You can choose your favorite root vegetables for this recipe and scale it to your own needs as this is a seasoning mix for the vegetables. It’s made from salt, pepper, olive oil, shallot, lemon zest, pepitas, red quinoa, parsley, and the secret umami-packed ingredient – 1/4 tsp. of MSG. If you’ve never cooked with MSG before, have no fear! It’s completely safe and adds a ton of flavor by bringing out the flavors in the other ingredients here.

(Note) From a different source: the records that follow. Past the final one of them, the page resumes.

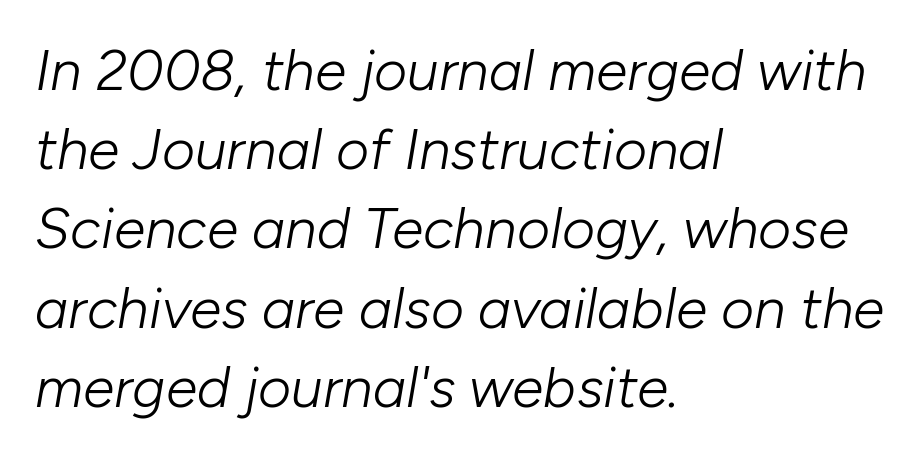
The image shows 57 px light type, italic (leaning right); set left-aligned, normal line spacing (1.39x), normal letter spacing, not underlined; low stroke contrast and a medium x-height.
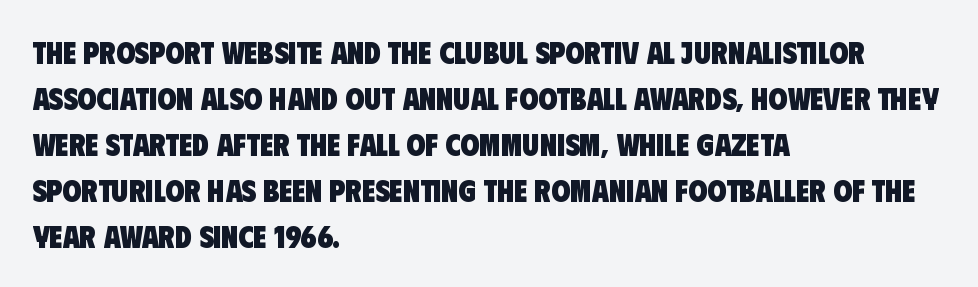
Q: Is the text bold? A: Yes.
Q: Is the typeface a serif or a sans-serif typeface? A: Sans-serif.
Q: Is the text underlined? A: No.
Q: How is the paragraph aligned? A: Left-aligned.
Q: Is the spacing between letters normal or unusually wide? A: Normal.
Q: Is the spacing between lines tight, normal or loose? A: Normal.
Q: Width (condensed, normal, or wide)? A: Condensed.
Q: Stroke contrast? A: Low.
Q: x-height? A: Large.
Q: Monospaced? A: No.
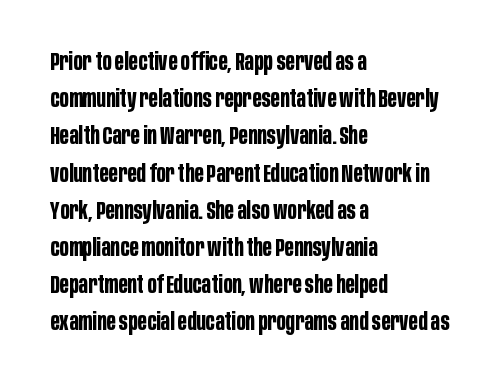
Q: Is the text bold? A: Yes.
Q: Is the text italic (slanted)? A: No, it is upright.
Q: Is the text underlined? A: No.
Q: How is the paragraph aligned? A: Left-aligned.
Q: Is the spacing between letters normal or unusually wide? A: Normal.
Q: Is the spacing between lines tight, normal or loose? A: Normal.
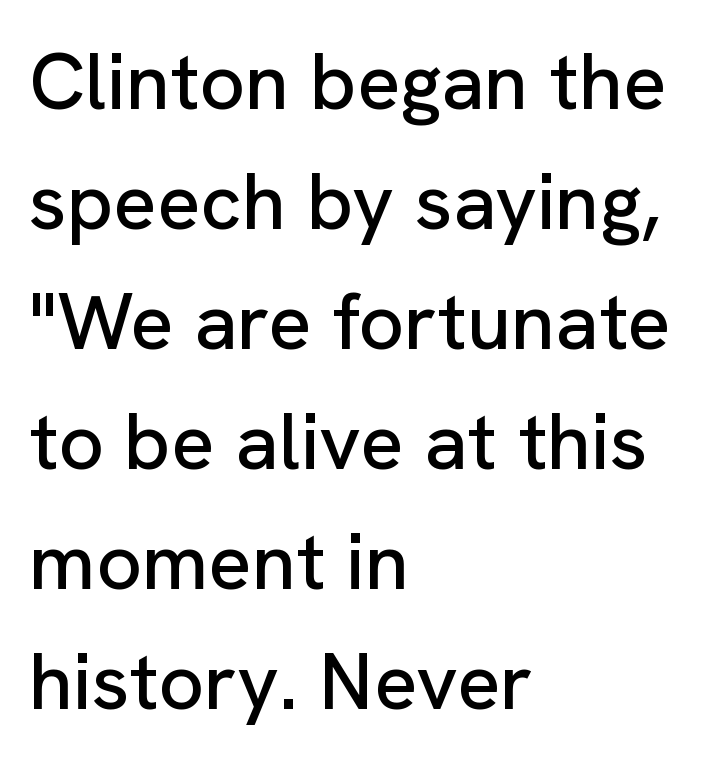
The image shows 80 px sans-serif type, upright; set left-aligned, normal line spacing (1.5x), normal letter spacing, not underlined; low stroke contrast and a medium x-height.
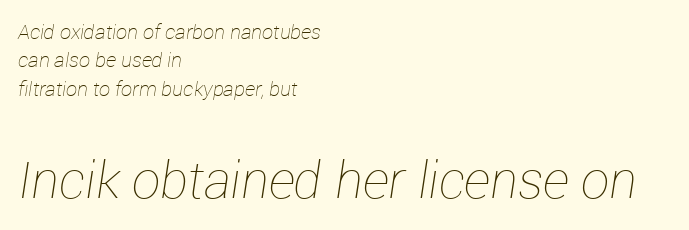
The image shows 51 px thin type, italic (leaning right); set left-aligned, normal line spacing (1.42x), normal letter spacing, not underlined; the second (bottom) block is 2.55x larger; low stroke contrast and a medium x-height.
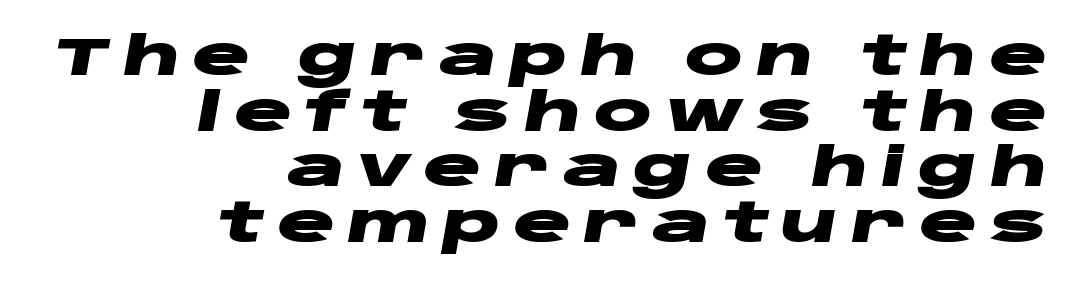
The image shows 54 px heavy, wide type, italic (leaning right); set right-aligned, tight line spacing (1.03x), unusually wide letter spacing (+0.23 em), not underlined; low stroke contrast and a large x-height.
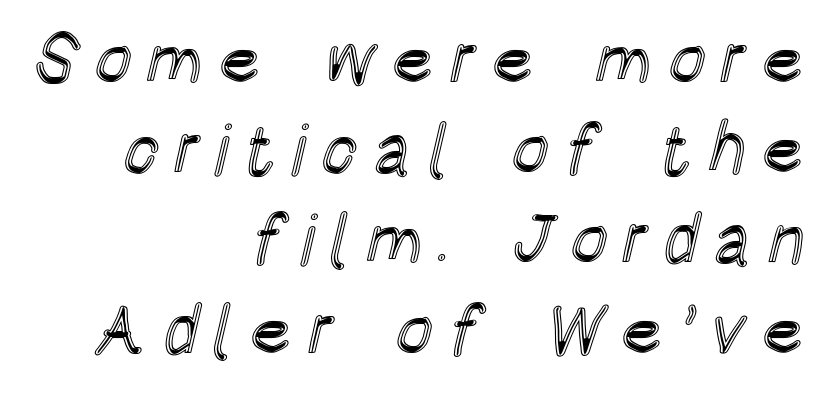
This sample has the flowing, uneven cadence of proportional lettering. The rendering anchors every line to the right-hand side. Descender tails drop into unmarked territory. Does extra space separate the letters? Yes, quite a lot of it.
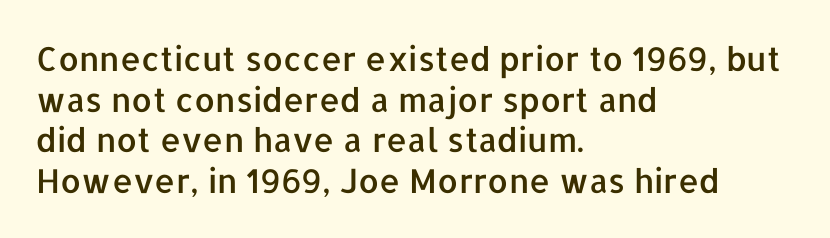
Q: Is the text italic (slanted)? A: No, it is upright.
Q: Is the typeface a serif or a sans-serif typeface? A: Sans-serif.
Q: Is the text underlined? A: No.
Q: How is the paragraph aligned? A: Left-aligned.
Q: Is the spacing between letters normal or unusually wide? A: Normal.
Q: Width (condensed, normal, or wide)? A: Normal.
Q: Stroke contrast? A: Low.
Q: x-height? A: Medium.
Q: Monospaced? A: No.
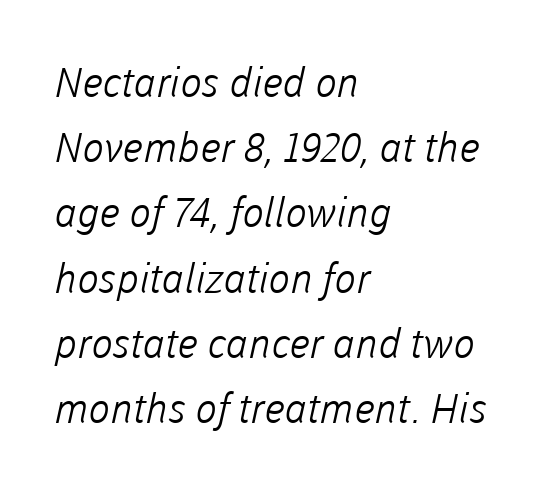
This sample uses a sans-serif face. Descenders hang freely into open space. Reading down the column, the eye jumps a familiar distance to each next line. All the whitespace from short lines collects on the right. The passage shown has conventional tracking throughout.
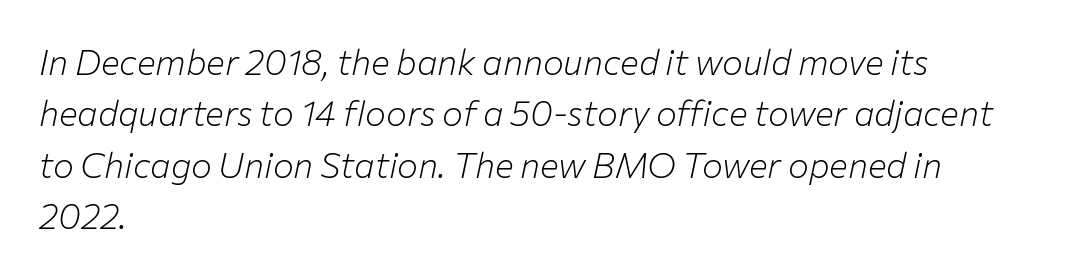
Q: Is the text bold? A: No.
Q: Is the text italic (slanted)? A: Yes, it leans right by about 12 degrees.
Q: Is the text underlined? A: No.
Q: How is the paragraph aligned? A: Left-aligned.
Q: Is the spacing between letters normal or unusually wide? A: Normal.
Q: Is the spacing between lines tight, normal or loose? A: Normal.
Q: Width (condensed, normal, or wide)? A: Normal.
Q: Stroke contrast? A: Low.
Q: x-height? A: Medium.
Q: Monospaced? A: No.
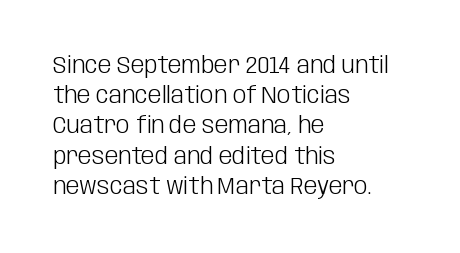
The weight would be labelled regular, book, light, or lighter still. Every stem runs plumb, perpendicular to the baseline. Descender tails drop into unmarked territory. One glance says typical: line gaps are just what's usual.
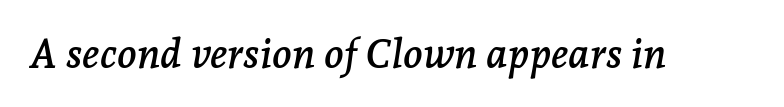
{"serif": "yes", "italic": "yes", "lean": "right", "slant_degrees": 7, "width": "normal", "stroke_contrast": "low", "x_height": "medium", "monospaced": "no", "underline": "no", "letter_spacing": "normal", "letter_spacing_em": 0.0, "glyph_px": 41}
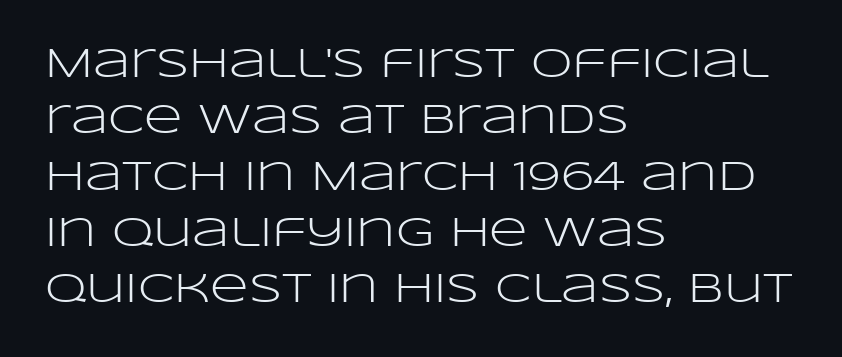
The image shows 42 px light, wide sans-serif type, upright; set left-aligned, normal line spacing (1.34x), normal letter spacing, not underlined; low stroke contrast and a large x-height.
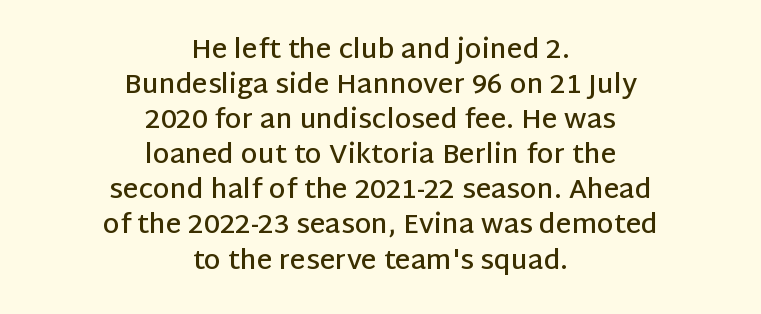
The image shows 27 px text type, upright; set centered, normal line spacing (1.3x), normal letter spacing, not underlined.
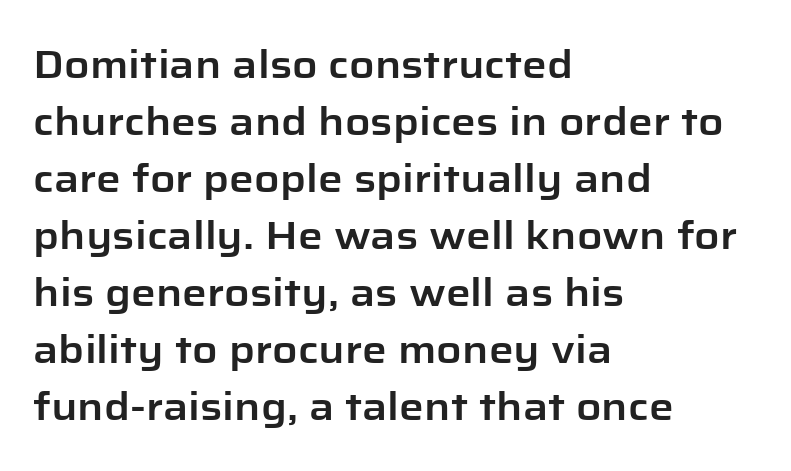
{"serif": "no", "italic": "no", "width": "normal", "stroke_contrast": "low", "x_height": "medium", "monospaced": "no", "underline": "no", "align": "left", "line_spacing": "normal", "line_spacing_ratio": 1.46, "letter_spacing": "normal", "letter_spacing_em": 0.0, "glyph_px": 39}
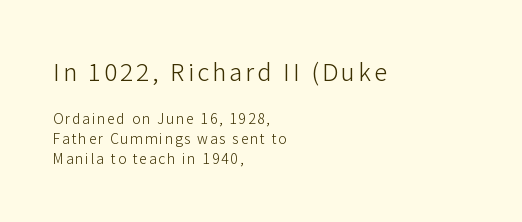
Q: Is the text bold? A: No.
Q: Is the text italic (slanted)? A: No, it is upright.
Q: Is the text underlined? A: No.
Q: How is the paragraph aligned? A: Left-aligned.
Q: Is the spacing between lines tight, normal or loose? A: Normal.
Q: Which block of text is set in a larger size, the first (top) or the second (bottom)? A: The first (top) one.
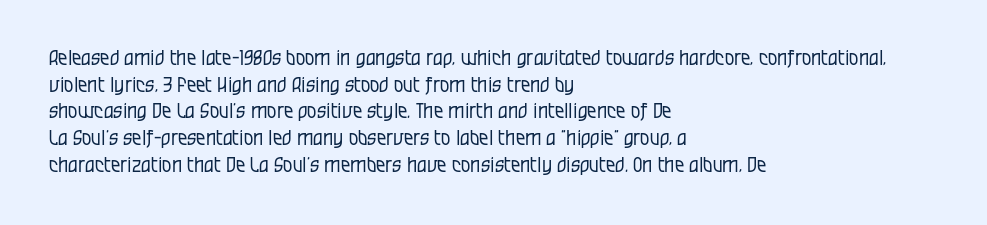
Q: Is the text bold? A: No.
Q: Is the text italic (slanted)? A: No, it is upright.
Q: Is the text underlined? A: No.
Q: How is the paragraph aligned? A: Left-aligned.
Q: Is the spacing between letters normal or unusually wide? A: Normal.
Q: Is the spacing between lines tight, normal or loose? A: Normal.
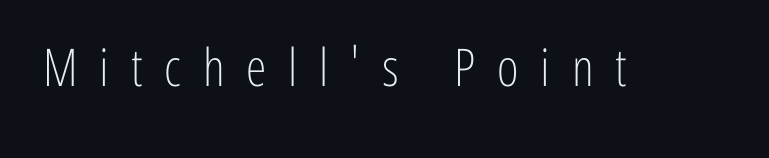
{"serif": "no", "italic": "no", "bold": "no", "weight": "light", "width": "condensed", "stroke_contrast": "low", "x_height": "medium", "monospaced": "no", "underline": "no", "letter_spacing": "wide", "letter_spacing_em": 0.42, "glyph_px": 52}
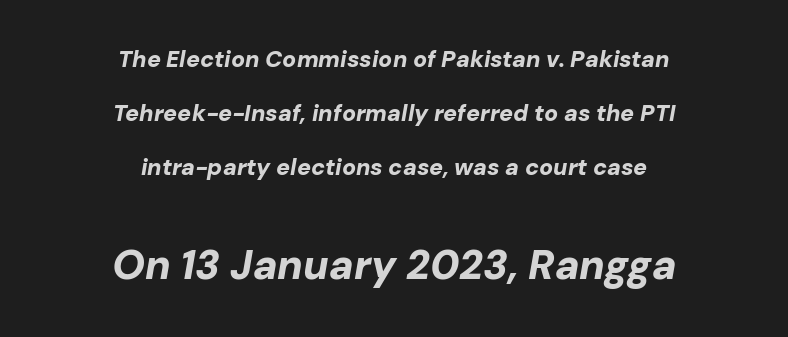
{"italic": "yes", "lean": "right", "slant_degrees": 10, "bold": "yes", "weight": "bold", "width": "normal", "stroke_contrast": "low", "x_height": "medium", "monospaced": "no", "underline": "no", "align": "center", "line_spacing": "loose", "line_spacing_ratio": 2.34, "letter_spacing": "normal", "letter_spacing_em": 0.0, "larger_block": "second", "size_ratio": 1.78, "glyph_px": 41}
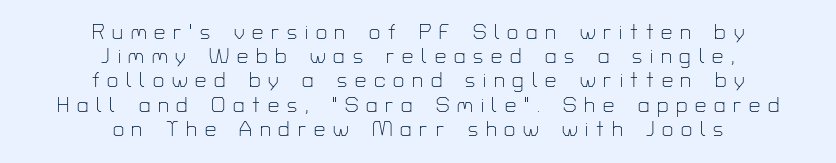
The image shows 20 px text type, upright; set centered, line spacing 1.21x, unusually wide letter spacing (+0.39 em), not underlined.
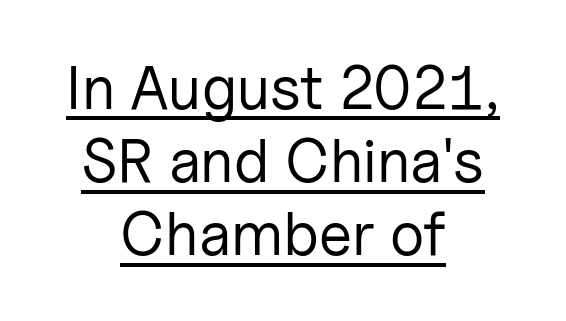
The designer went with a sans here, leaving each stem footless. Weight: not bold — regular or lighter. The axis of the letterforms is exactly vertical. This rendering features underlined lettering. In CSS terms this would be text-align: center.
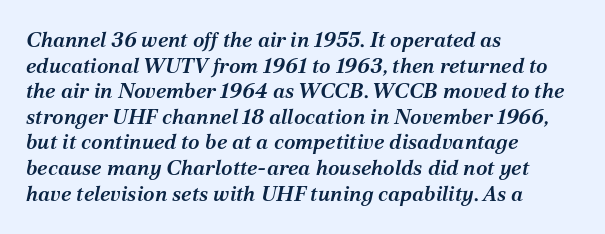
Students, this is semibold: more ink than regular, less than bold. Descenders hang freely into open space. The letters sit at their default tracking, neither squeezed nor spread. Rendered with sloped, italic letterforms. Reading down the block, your eye returns to a fixed left position each line.
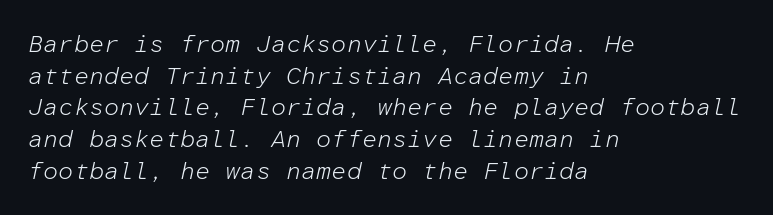
{"italic": "yes", "lean": "right", "slant_degrees": 12, "bold": "no", "underline": "no", "align": "left", "line_spacing": "normal", "line_spacing_ratio": 1.32, "letter_spacing": "normal", "letter_spacing_em": 0.0, "glyph_px": 24}
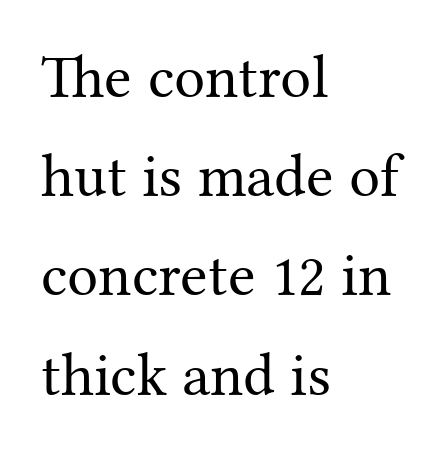
Q: Is the text bold? A: No.
Q: Is the text italic (slanted)? A: No, it is upright.
Q: Is the typeface a serif or a sans-serif typeface? A: Serif.
Q: Is the text underlined? A: No.
Q: How is the paragraph aligned? A: Left-aligned.
Q: Is the spacing between letters normal or unusually wide? A: Normal.
Q: Is the spacing between lines tight, normal or loose? A: Normal.
Q: Width (condensed, normal, or wide)? A: Normal.
Q: Stroke contrast? A: Medium.
Q: x-height? A: Medium.
Q: Monospaced? A: No.

Crispy Sea Salt Cauliflower

This cauliflower is an amazing side dish, but you might just find that it’s good enough to eat alone as a snack! Cut the cauliflower into very small bite-size florets and let them marinate in apple cider vinegar for 15-30 minutes. Remove the florets from the vinegar and toss them in the oat flour, sea salt, and pepper mixture before baking for about 15 minutes. If you don’t have oat flour, your favorite flour will work just as well, though the oat flour does add an extra layer of flavor.

Creamy Cauliflower Rice

This creamy, garlicky take on cauliflower rice is sure to hit the spot all season! You’ll start by cooking the brown rice to package directions. Then, boil chopped cauliflower in vegetable broth until it is tender. Transfer the cauliflower to a blender/food processor and puree it with salt, adding milk or vegetable broth as needed to achieve a smooth, creamy consistency. Pour the puree over the rice. Finally, melt butter in a skillet and cook minced garlic for a few minutes before adding the rice mixture. Melt in mozzarella and season with salt and pepper to taste!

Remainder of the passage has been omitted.